Content starts

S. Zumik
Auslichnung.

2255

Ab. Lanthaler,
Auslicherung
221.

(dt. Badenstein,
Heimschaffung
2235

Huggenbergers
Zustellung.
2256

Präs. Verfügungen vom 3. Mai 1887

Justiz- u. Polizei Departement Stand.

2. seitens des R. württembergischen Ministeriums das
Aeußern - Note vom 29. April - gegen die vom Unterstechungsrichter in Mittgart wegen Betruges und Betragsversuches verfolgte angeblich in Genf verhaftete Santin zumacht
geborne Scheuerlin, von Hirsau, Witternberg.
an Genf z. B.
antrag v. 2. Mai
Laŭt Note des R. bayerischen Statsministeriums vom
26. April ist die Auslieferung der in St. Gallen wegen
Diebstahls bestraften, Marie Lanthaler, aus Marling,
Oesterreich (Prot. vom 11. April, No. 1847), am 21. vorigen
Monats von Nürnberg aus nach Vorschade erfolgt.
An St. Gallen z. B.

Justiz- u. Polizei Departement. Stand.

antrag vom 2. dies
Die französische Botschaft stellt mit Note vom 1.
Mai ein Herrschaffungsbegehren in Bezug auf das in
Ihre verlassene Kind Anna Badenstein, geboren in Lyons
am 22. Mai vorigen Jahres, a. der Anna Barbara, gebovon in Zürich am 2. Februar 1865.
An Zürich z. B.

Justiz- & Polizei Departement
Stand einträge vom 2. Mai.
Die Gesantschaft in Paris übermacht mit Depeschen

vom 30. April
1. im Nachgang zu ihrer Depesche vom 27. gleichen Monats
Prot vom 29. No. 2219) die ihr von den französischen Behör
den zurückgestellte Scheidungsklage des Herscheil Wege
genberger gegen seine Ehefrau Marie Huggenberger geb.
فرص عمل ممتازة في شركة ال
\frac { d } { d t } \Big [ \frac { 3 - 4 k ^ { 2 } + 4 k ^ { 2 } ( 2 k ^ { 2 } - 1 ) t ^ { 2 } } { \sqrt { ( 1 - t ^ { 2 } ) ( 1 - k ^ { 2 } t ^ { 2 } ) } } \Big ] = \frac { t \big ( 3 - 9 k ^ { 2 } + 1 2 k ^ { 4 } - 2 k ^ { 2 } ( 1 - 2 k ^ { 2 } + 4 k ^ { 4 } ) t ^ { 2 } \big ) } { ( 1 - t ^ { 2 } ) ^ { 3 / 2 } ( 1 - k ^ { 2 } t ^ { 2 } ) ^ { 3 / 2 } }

Content ends

### To do:
From the entries above, restate word for word the lines from the line containing "Auslicherung" to the line containing "Laŭt Note des", both ends included, and nothing more.

### Reply to the task:
Auslicherung
221.

(dt. Badenstein,
Heimschaffung
2235

Huggenbergers
Zustellung.
2256

Präs. Verfügungen vom 3. Mai 1887

Justiz- u. Polizei Departement Stand.

2. seitens des R. württembergischen Ministeriums das
Aeußern - Note vom 29. April - gegen die vom Unterstechungsrichter in Mittgart wegen Betruges und Betragsversuches verfolgte angeblich in Genf verhaftete Santin zumacht
geborne Scheuerlin, von Hirsau, Witternberg.
an Genf z. B.
antrag v. 2. Mai
Laŭt Note des R. bayerischen Statsministeriums vom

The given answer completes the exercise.